John B at UW

Technical content relevant to the University of Washington.

Records management

The University of Washington has records management rules. A record can take many forms; any electronic or physical document can be a record.

Records can be transitory or substantive. Ideally, people file substantive emails as they go.

Part of records management off-boarding is ensuring that the unit you’re leaving has a copy of substantive records.

In my case, I’ve had an “Archive” folder where I put all my emails. If I wanted to review my emails for what was substantive, I’d need to read every one.

Creating an archive

Here’s how I ended up limiting the emails I retained but ensuring that any email that’s potentially substantive is kept.

Technical setup

I use offlineimap and notmuch. This lets me use notmuch searches, which are way, way, way faster and more powerful than any Outlook/Exchange search. I also use a script maildir-notmuch-sync that synchronizes notmuch tags to the physical IMAP directories.

Identifying logic for redundant emails

I used a few heuristics to remove emails that I knew would be transitory.

Checking based on sender

I ended up doing a search for all the email addresses that I have sent or received mails from, using output from:

notmuch address --deduplicate=address

I didn’t want to look through every message, but I was comfortable looking through this list of addresses to identify people that I never would have had a substantive record in email. I then knew it would be OK to delete the emails that showed up when searching for these addresses.

Checking based on attachments

I also knew that any emails that had a pdf, docx, or xlsx file type would be redundant, because my process has been for substantive files to always be stored elsewhere. So, I could remove any emails with these type of attachments.

Checking based on message type

I knew that any meeting invitations would not be substantive, because meeting agendas and minutes have always kept in another location.

Checking based on subject

Certain subjects were easy to filter on, e.g. ^Autoreply. Notmuch lets you do regular expression searches, e.g. with:

notmuch search 'subject:"/^Autoreply/"'

You have to quote the search term in case there’s a space in it. If the search term begins with / then it’s considered a regular expression.

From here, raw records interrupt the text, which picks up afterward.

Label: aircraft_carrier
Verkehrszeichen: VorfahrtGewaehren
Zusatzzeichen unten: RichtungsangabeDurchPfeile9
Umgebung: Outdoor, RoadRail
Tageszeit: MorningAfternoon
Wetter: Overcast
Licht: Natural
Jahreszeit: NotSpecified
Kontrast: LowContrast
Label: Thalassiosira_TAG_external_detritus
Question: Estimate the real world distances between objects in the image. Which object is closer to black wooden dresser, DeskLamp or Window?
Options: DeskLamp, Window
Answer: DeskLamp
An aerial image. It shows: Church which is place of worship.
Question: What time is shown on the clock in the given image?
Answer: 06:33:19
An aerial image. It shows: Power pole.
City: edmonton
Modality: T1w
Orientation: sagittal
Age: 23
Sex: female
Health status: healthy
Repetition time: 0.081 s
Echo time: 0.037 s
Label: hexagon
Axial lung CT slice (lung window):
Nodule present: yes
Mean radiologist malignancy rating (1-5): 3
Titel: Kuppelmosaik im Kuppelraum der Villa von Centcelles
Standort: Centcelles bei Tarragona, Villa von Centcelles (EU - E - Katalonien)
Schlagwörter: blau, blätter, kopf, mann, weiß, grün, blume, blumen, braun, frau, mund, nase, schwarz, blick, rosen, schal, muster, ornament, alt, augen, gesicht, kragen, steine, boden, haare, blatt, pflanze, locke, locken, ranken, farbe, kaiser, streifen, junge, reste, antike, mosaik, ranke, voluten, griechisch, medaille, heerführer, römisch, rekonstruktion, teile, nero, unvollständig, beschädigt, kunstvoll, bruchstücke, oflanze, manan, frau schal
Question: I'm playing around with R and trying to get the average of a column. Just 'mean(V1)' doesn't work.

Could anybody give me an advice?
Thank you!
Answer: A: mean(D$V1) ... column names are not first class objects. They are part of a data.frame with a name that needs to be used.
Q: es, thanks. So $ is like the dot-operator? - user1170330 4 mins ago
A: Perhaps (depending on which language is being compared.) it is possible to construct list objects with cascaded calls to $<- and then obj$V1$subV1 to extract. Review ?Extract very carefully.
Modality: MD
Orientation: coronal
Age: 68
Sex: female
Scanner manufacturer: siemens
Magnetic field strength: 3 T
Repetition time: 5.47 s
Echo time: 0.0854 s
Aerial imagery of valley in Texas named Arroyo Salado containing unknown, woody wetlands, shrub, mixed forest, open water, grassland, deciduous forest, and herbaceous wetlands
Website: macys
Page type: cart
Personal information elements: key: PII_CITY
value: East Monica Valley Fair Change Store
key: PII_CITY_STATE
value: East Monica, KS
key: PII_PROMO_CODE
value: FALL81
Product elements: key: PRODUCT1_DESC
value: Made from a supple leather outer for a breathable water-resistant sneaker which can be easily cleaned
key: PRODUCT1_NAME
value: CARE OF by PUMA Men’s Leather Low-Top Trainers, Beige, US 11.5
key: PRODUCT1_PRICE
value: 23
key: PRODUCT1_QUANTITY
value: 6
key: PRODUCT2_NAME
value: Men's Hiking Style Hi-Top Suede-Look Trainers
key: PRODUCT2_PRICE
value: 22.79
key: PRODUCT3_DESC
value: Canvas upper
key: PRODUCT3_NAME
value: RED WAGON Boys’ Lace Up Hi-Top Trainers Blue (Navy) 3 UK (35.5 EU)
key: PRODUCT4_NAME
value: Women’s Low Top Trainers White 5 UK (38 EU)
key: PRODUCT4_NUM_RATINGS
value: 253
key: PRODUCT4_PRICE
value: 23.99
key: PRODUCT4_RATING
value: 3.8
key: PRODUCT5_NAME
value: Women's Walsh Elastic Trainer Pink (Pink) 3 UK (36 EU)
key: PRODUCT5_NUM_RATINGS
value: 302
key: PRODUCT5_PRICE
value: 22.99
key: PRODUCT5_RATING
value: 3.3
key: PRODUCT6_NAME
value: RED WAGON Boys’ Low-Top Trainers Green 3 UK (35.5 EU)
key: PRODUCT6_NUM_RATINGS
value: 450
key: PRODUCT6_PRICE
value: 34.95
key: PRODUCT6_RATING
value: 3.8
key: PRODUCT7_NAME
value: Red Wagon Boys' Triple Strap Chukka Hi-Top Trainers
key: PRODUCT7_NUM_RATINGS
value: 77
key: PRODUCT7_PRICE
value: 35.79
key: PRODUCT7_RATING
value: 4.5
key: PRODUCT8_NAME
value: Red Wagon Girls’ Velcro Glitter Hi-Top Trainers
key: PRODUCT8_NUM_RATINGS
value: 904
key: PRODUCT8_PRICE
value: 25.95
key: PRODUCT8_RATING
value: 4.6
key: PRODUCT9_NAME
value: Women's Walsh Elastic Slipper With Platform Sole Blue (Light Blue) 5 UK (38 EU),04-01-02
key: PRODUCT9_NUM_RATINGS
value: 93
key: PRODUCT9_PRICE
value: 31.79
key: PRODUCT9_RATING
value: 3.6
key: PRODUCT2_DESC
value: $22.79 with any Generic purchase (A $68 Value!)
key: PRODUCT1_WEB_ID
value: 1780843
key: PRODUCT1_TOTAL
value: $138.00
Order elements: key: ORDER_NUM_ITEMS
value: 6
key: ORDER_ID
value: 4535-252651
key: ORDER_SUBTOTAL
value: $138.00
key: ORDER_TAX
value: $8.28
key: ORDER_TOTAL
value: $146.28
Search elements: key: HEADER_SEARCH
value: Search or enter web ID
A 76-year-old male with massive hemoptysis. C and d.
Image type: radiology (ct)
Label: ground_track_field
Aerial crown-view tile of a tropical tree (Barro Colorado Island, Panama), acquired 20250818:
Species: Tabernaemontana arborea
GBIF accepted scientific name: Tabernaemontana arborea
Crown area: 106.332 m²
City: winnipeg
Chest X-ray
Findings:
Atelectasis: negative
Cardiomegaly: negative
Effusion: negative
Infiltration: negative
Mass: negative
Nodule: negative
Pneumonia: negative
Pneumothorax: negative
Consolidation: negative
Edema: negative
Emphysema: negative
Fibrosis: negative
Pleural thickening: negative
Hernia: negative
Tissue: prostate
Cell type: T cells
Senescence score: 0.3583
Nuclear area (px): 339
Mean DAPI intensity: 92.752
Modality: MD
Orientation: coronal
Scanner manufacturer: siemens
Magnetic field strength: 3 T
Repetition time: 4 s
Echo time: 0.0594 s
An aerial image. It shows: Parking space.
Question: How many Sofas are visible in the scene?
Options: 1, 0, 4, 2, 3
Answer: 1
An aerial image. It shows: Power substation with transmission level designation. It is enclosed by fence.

Cleaning up duplicate files

In the course of this work, I learned that several physical files can correspond to one message-ID. fdupes can help a bit. However, the files themselves are not always exactly identical.

To clear this up, I ended up doing a number of searches using notmuch search --output=files <query> and then operating on the output files.

Creating the archives

I wanted to create .mbox archives, because mbox is an open standard. To do this, I used maildir2mbox.py as a basis. I changed a couple of things:

  1. I had the program update the UNIX from date:

           def update_date(msg):
              for header in ("Date", "Received"):
                 value = msg.get(header)
                 if value is None:
                    continue
                 try:
                    # 2024-01-25 jhb - Adding the UNIX from
                    email_date_str = value.split('\n')[-1].split(';')[-1].strip()
                    email_date = parsedate_tz(email_date_str)
                    out_email_date_str = time.strftime("%a %b %d %H:%M:%S %Y",
                                                       email_date[0:9])
                    from_str = "From MAILER-DAEMON %s" % (out_email_date_str)
                    msg.set_unixfrom(from_str)
                 except:
                    pass
    
  2. I sorted the mbox messages based on date (see also this stackoverflow answer from user3850:

           def extract_date(email):
               date = email.get('Date')
               return parsedate_tz(date)
        
           # ...
              sorted_mails = sorted(mbox, key=extract_date)
              mbox.update(enumerate(sorted_mails))
    
  3. I zipped the files and labeled them with their potential destruction dates, e.g. “keep until 2025-01-01”.